--- Extracted records ---
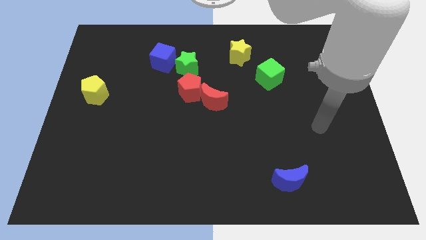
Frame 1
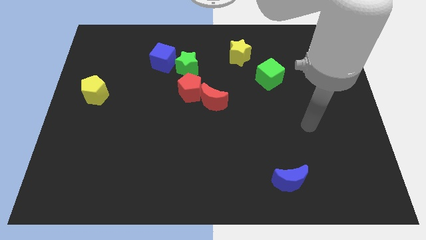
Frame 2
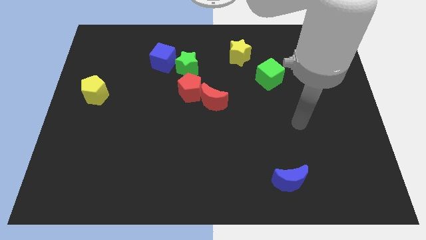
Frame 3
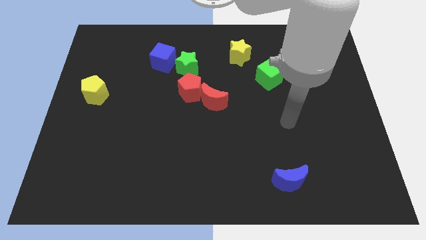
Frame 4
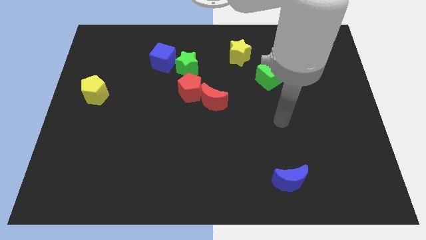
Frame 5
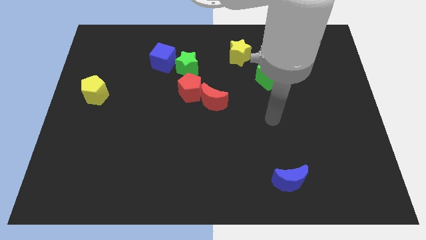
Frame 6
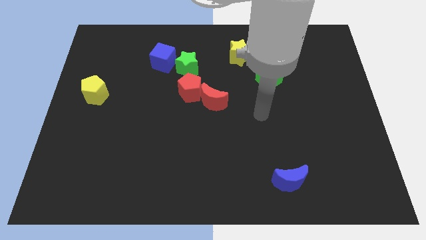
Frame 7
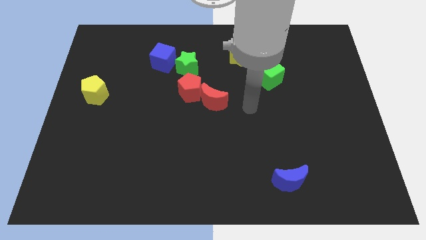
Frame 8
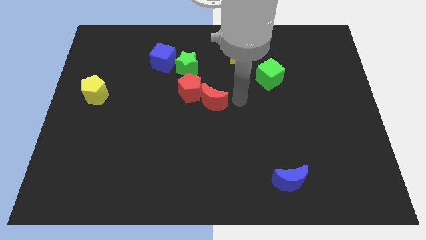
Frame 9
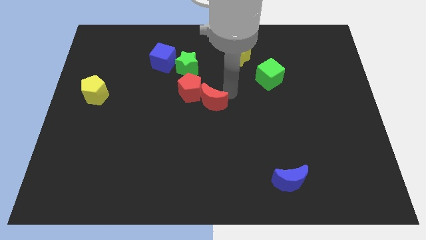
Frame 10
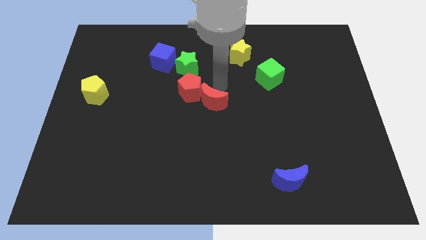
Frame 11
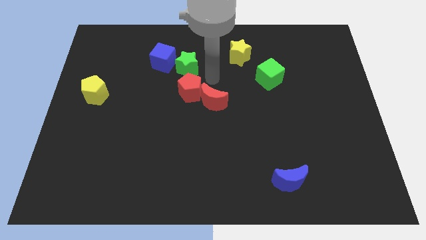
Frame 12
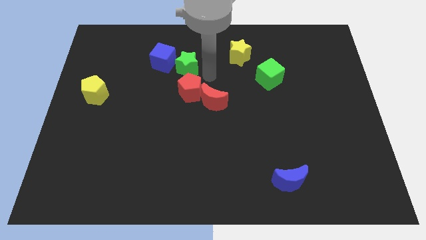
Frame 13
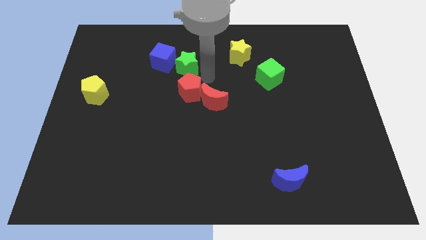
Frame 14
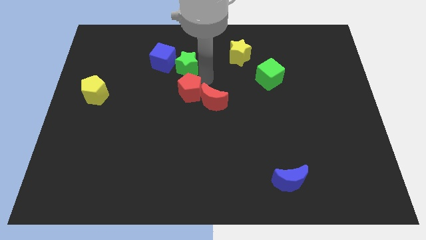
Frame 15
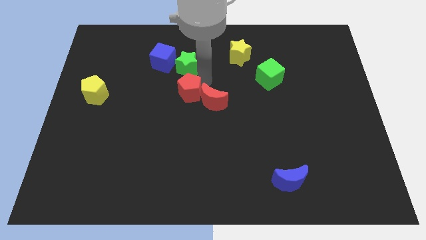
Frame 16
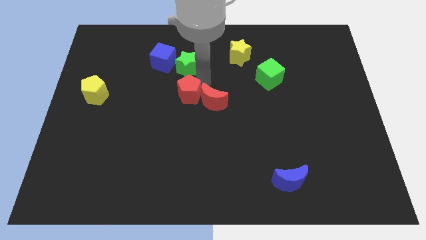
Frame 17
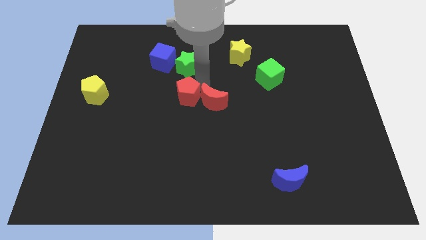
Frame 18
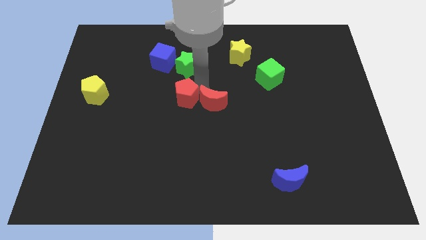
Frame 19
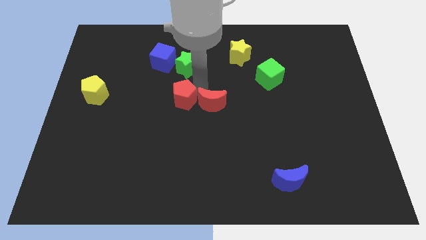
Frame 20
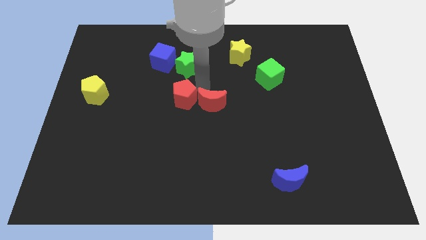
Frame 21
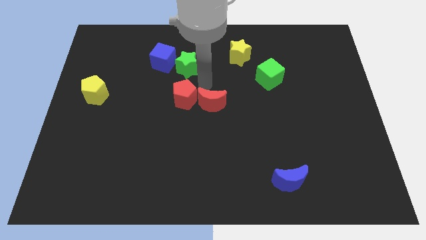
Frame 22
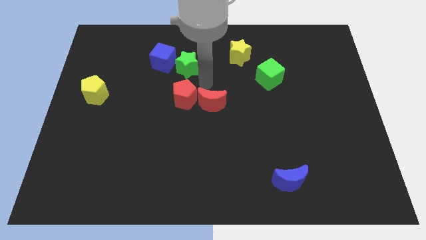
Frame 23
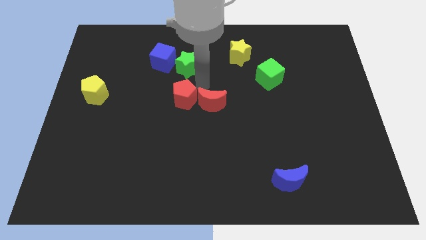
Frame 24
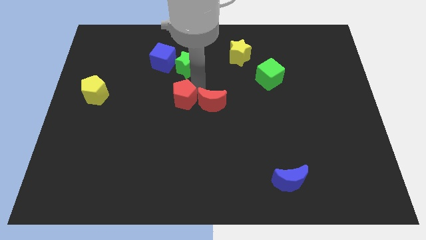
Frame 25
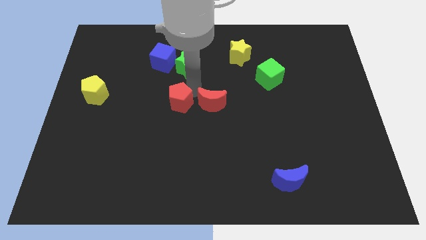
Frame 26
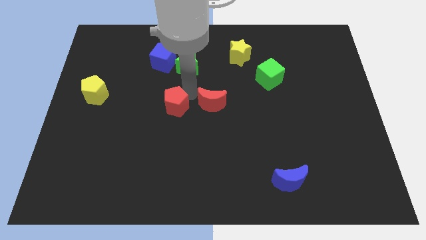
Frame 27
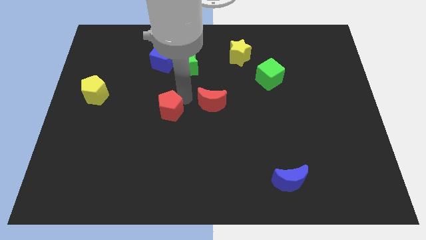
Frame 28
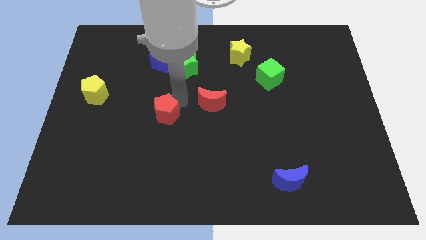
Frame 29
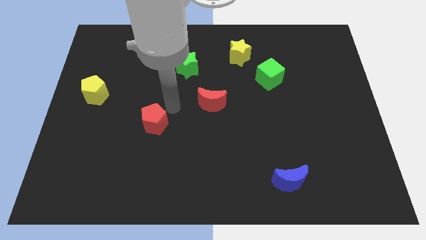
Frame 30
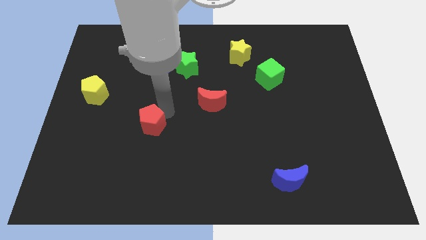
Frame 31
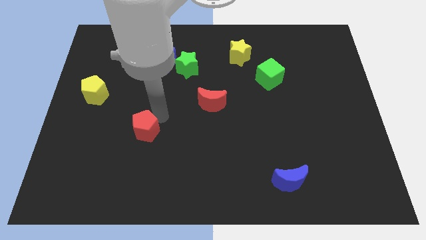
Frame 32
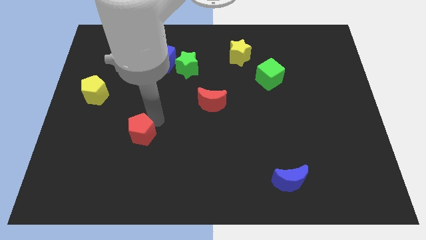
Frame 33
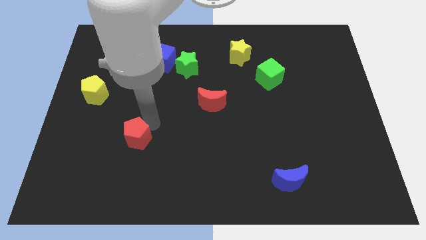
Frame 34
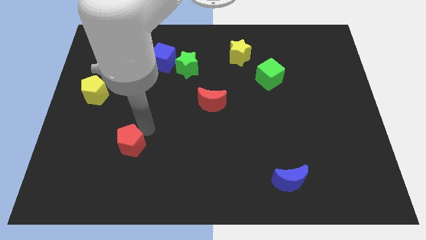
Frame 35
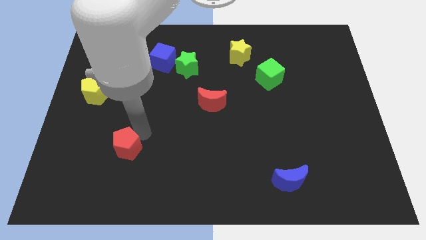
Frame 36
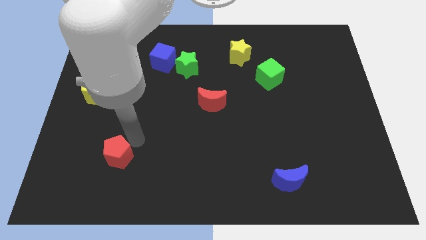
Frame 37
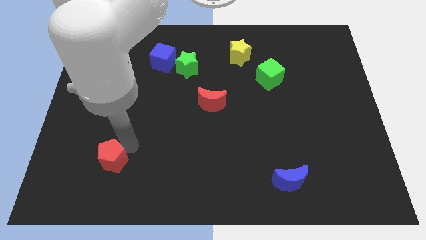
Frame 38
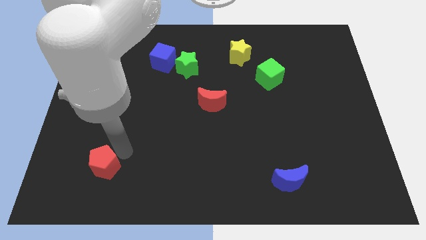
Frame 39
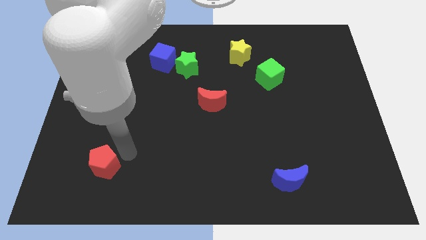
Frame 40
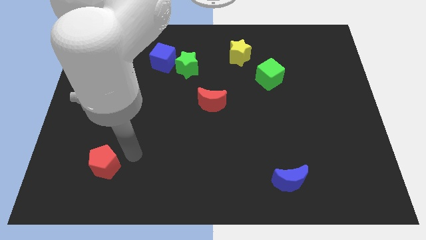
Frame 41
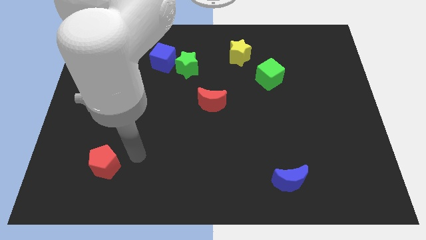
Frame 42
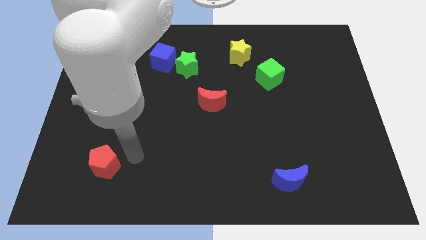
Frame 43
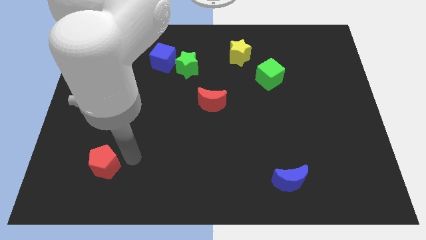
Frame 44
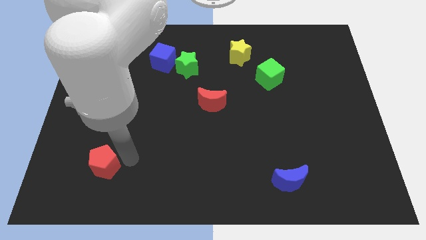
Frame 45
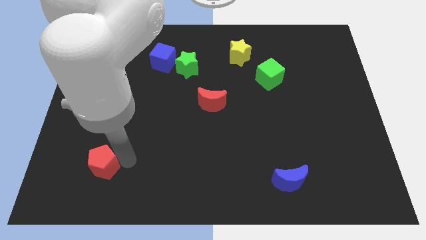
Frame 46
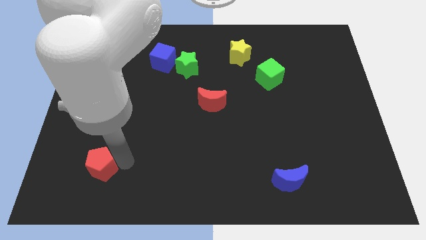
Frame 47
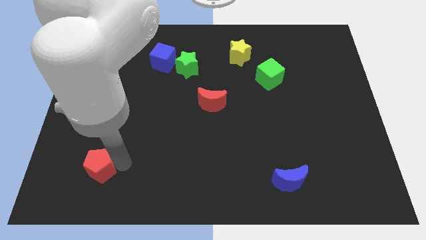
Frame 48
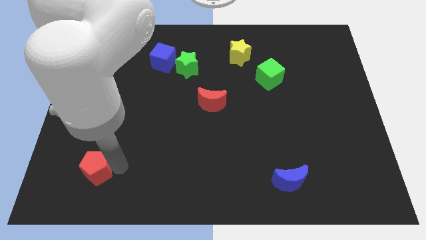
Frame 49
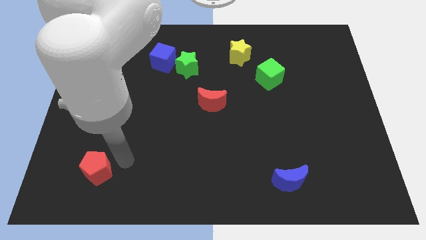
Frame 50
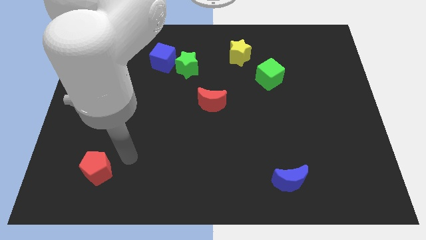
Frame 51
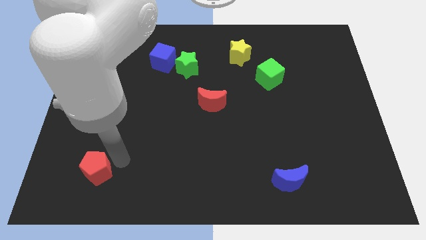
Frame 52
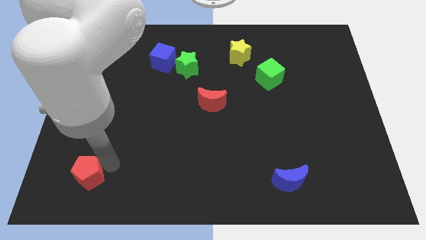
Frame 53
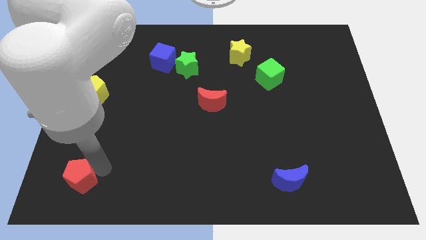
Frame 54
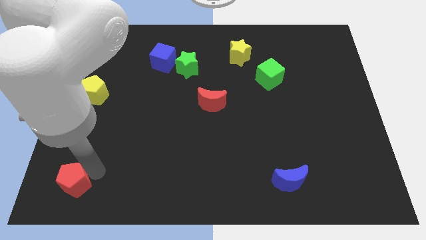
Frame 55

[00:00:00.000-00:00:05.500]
---
Brief
The records above should be returned exactly, with only their pictures held back.

Output of the exercise
Frame 1
Frame 2
Frame 3
Frame 4
Frame 5
Frame 6
Frame 7
Frame 8
Frame 9
Frame 10
Frame 11
Frame 12
Frame 13
Frame 14
Frame 15
Frame 16
Frame 17
Frame 18
Frame 19
Frame 20
Frame 21
Frame 22
Frame 23
Frame 24
Frame 25
Frame 26
Frame 27
Frame 28
Frame 29
Frame 30
Frame 31
Frame 32
Frame 33
Frame 34
Frame 35
Frame 36
Frame 37
Frame 38
Frame 39
Frame 40
Frame 41
Frame 42
Frame 43
Frame 44
Frame 45
Frame 46
Frame 47
Frame 48
Frame 49
Frame 50
Frame 51
Frame 52
Frame 53
Frame 54
Frame 55

[00:00:00.000-00:00:05.500]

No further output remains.